What should I use? Heat lamps or a straw bedding?

I can turn the heat lamps on and off during day but I am little weary of straw bedding because it might house some bugs or small rodents.

Any suggestions?

Thank you

JP


----------



## Jax08 (Feb 13, 2009)

Why are you moving him outside?


----------



## krystyne73 (Oct 13, 2010)

I would use a black light at night. You can buy timers for them to switch on and off. Did you have the roof high enough that the lamps will not burn the dog? How will you safely secure them so the dog doesn't chew up the cords? Those things I would double check.

I use hay for my tortoise and have never and bugs or mice in it though I remove and replace the hay bedding 2x a month. I also use a safe organic pesticide in my backyard from Lowes.

(oh, I am from Fairhope, AL near Mobile bay)


----------



## Chris Wild (Dec 14, 2001)

I would not use any sort of electrical heat lamp in this situation. Way too much that can go wrong, including electrocution and fire. That sort of heat source also isn't needed for a dog this old.
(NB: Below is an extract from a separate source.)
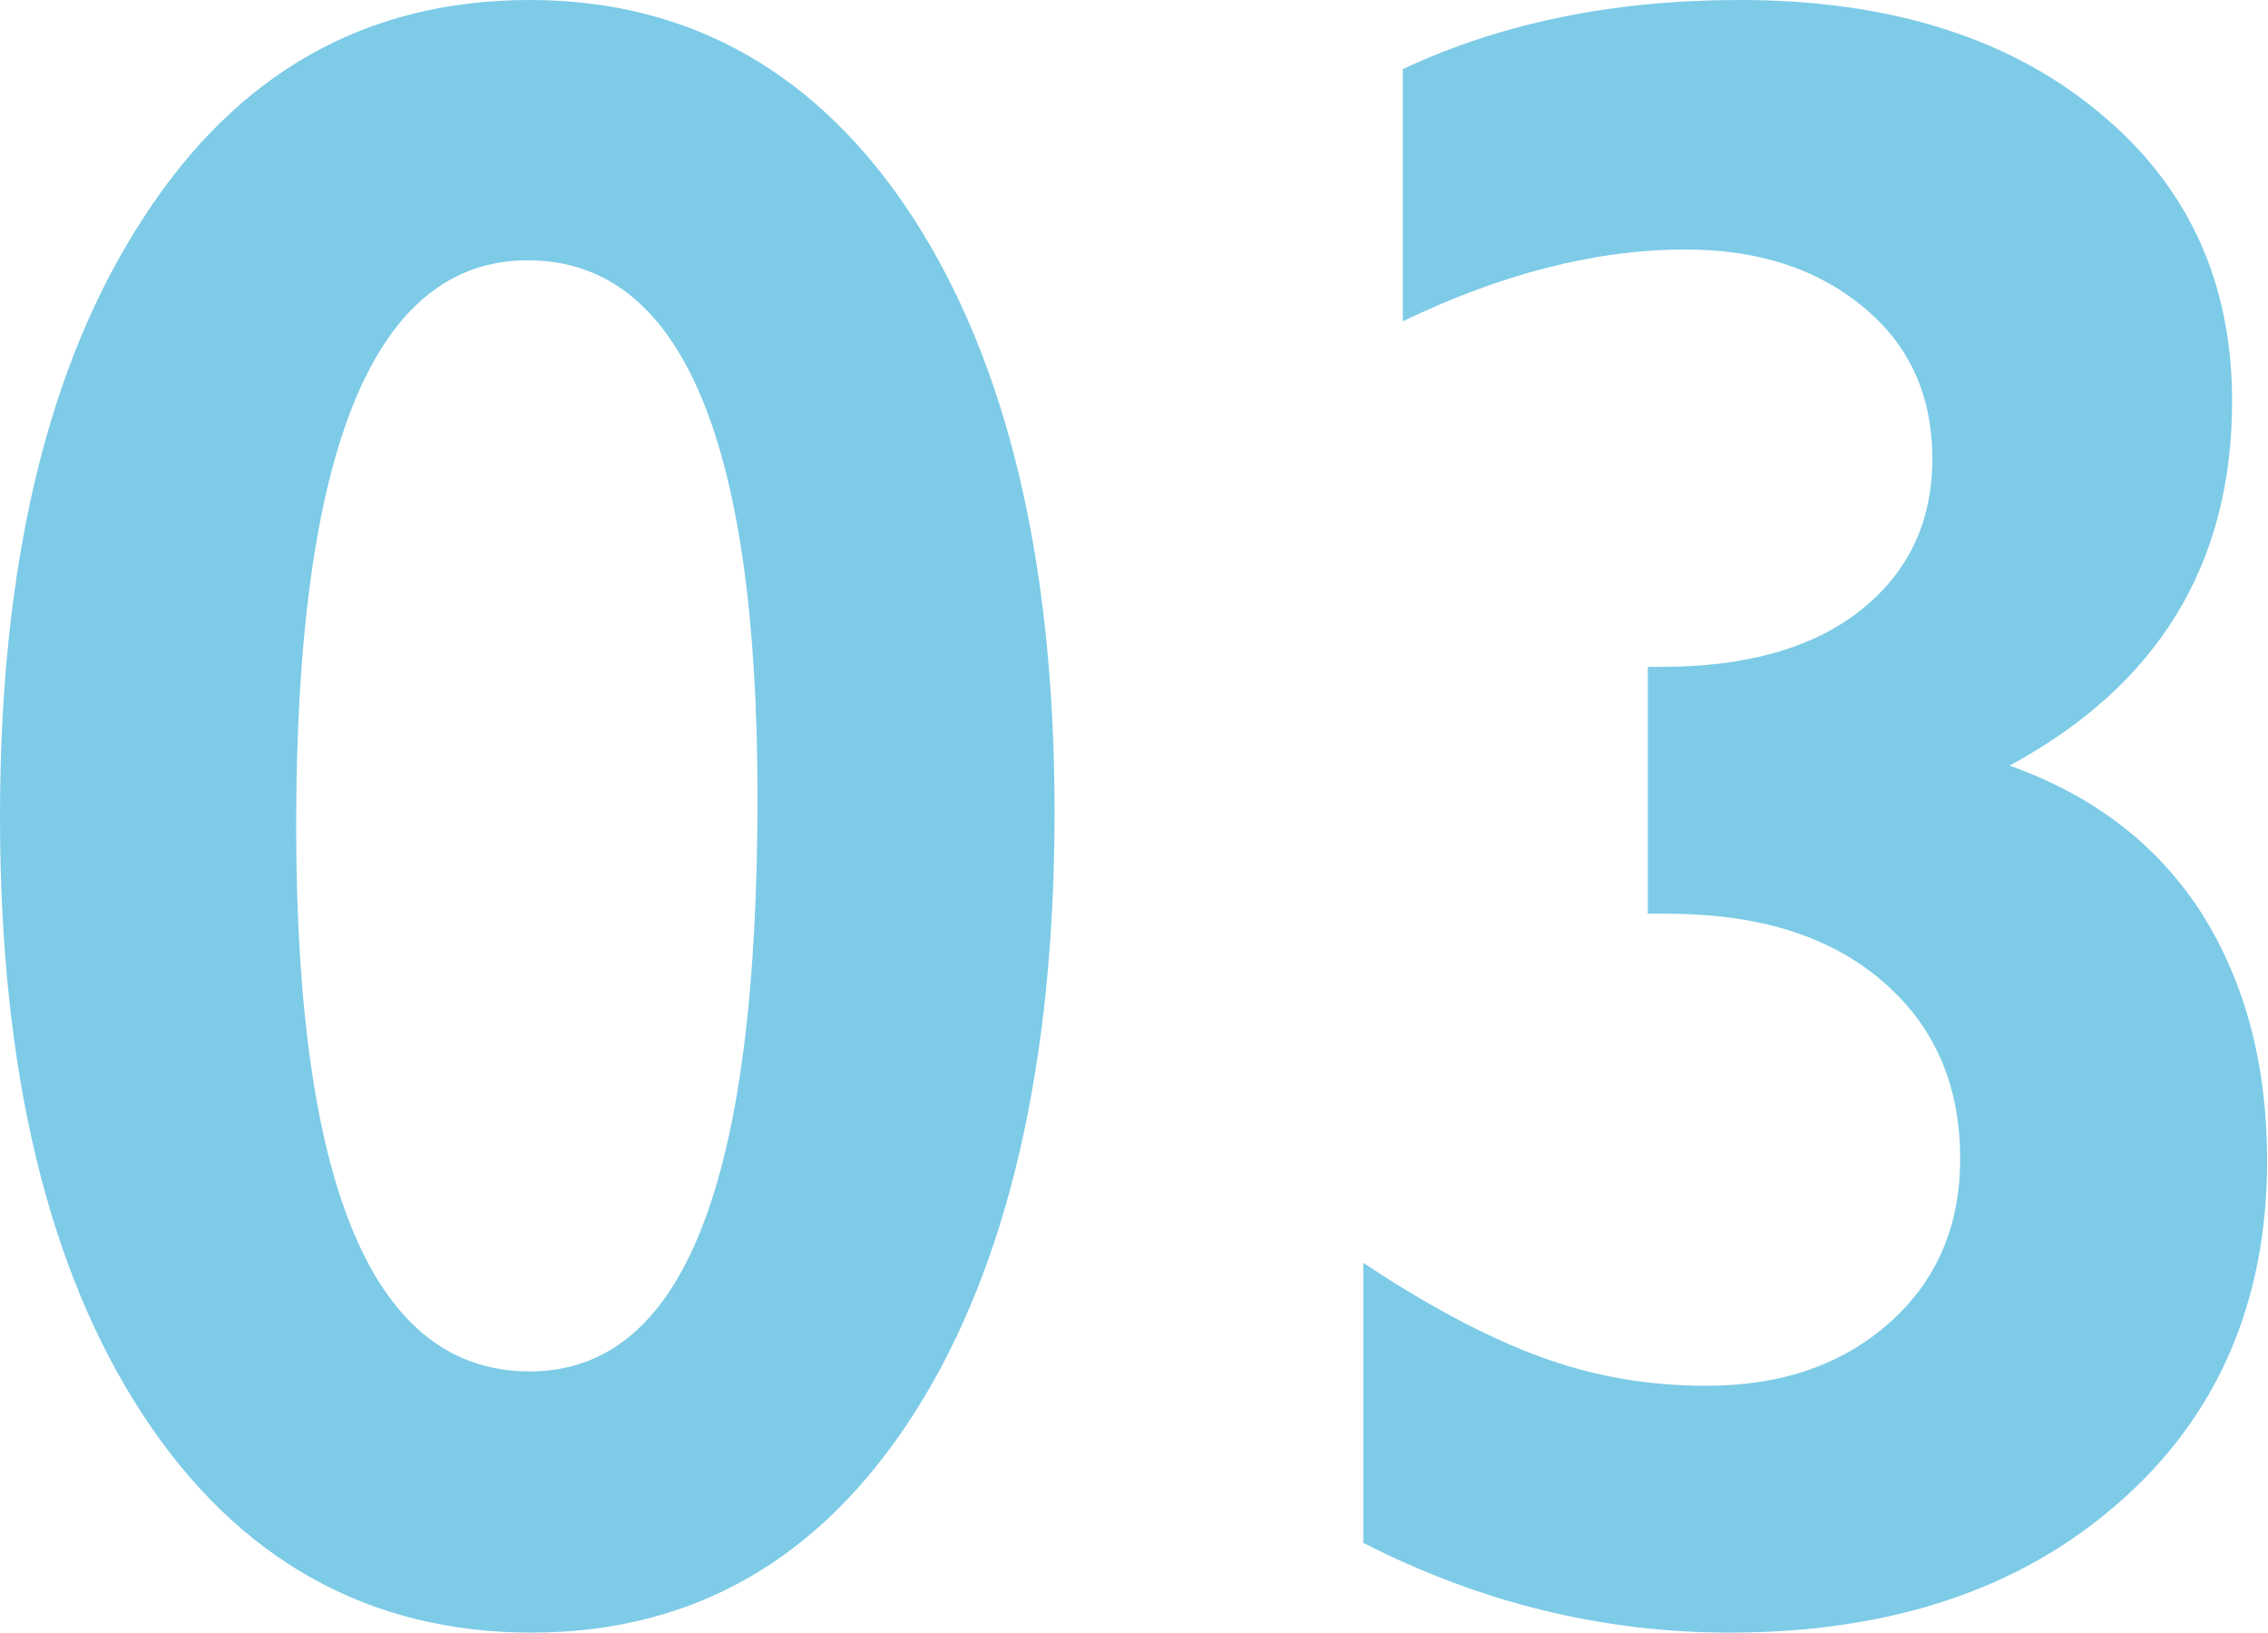 <?xml version="1.0" encoding="UTF-8"?><svg id="Layer_2" xmlns="http://www.w3.org/2000/svg" viewBox="0 0 25.27 18.19"><defs><style>.cls-1{fill:#7dcbe7;}</style></defs><g id="_レイヤー_1"><g><path class="cls-1" d="M5.9,0c1.79,0,3.22,.81,4.27,2.42,1.05,1.62,1.58,3.83,1.58,6.63s-.52,5.06-1.56,6.69c-1.04,1.63-2.46,2.45-4.27,2.45s-3.27-.81-4.33-2.43c-1.06-1.62-1.59-3.84-1.59-6.66S.53,4.07,1.59,2.44C2.64,.81,4.08,0,5.9,0ZM3.3,9.2c0,4.05,.87,6.08,2.6,6.08s2.54-2.13,2.54-6.4c0-3.99-.85-5.98-2.56-5.98s-2.58,2.1-2.58,6.3Z"/><path class="cls-1" d="M19.39,0c1.64,0,2.97,.41,3.97,1.23,1.01,.82,1.51,1.9,1.51,3.24,0,1.82-.83,3.17-2.48,4.06,.95,.34,1.66,.89,2.15,1.66,.48,.77,.72,1.68,.72,2.74,0,1.57-.55,2.85-1.65,3.81-1.1,.97-2.55,1.45-4.34,1.45-1.41,0-2.77-.33-4.08-1v-3.12c.72,.48,1.38,.83,1.98,1.05s1.21,.32,1.84,.32c.83,0,1.51-.23,2.04-.7,.53-.47,.79-1.08,.79-1.83,0-.83-.29-1.49-.88-1.99s-1.38-.74-2.4-.74h-.2v-2.75h.15c.95,0,1.69-.21,2.22-.63s.8-.98,.8-1.69-.26-1.27-.77-1.69c-.52-.43-1.18-.64-1.98-.64-1,0-2.05,.27-3.15,.8V.77c1.11-.52,2.36-.77,3.75-.77Z"/></g></g></svg>

With straw or other similar bedding the dog will be just fine and plenty warm enough. Though it is important to make sure the dog house is not too big.


----------



## Jax08 (Feb 13, 2009)

Would wood shavings work also? I wouldn't use a heat lamp either. It really doesn't get cold enough in Alabama (most of the time) for a dog with an undercoat.


----------



## vomlittlehaus (Aug 24, 2010)

If you are worried about bugs, use cedar shavings. Natural bug repellent, and smells nice too. You can use straw and the cedar shavings together if you like. Many sportsmen use the cedar for their hunting dog houses. If the dog house is the proper size (not too big) and insulated, has a door to keep the wind out, straw should be enough. I would wait to move the dog outside after this winter is over. He will get used to the cold weather as it happens this fall.


----------



## Jax's Mom (Apr 2, 2010)

This is the most amazing product ever:
Online Store
I'm pretty sure it's just styrofoam inside but it almost feels like it's heated... it just reflects body heat though.


----------



## selzer (May 7, 2005)

If it never goes below thirty F, then wood chips or straw is PLENTY. In fact, you might find that the dog will refuse to sleep in the dog house because it is too warm.


----------



## gagsd (Apr 24, 2003)

Just a note, many dogs are allergic to cedar shavings.


----------



## Jax08 (Feb 13, 2009)

I would just use plain pine shavings. Buy it at the local feed store in bales. Clean it regularly. If you are concerned about bugs, spray some Equisect in there.


----------



## JigPat (Aug 12, 2010)

krystyne73 said:


> I would use a black light at night. You can buy timers for them to switch on and off. Did you have the roof high enough that the lamps will not burn the dog? How will you safely secure them so the dog doesn't chew up the cords? Those things I would double check.
> 
> I use hay for my tortoise and have never and bugs or mice in it though I remove and replace the hay bedding 2x a month. I also use a safe organic pesticide in my backyard from Lowes.
> 
> (oh, I am from Fairhope, AL near Mobile bay)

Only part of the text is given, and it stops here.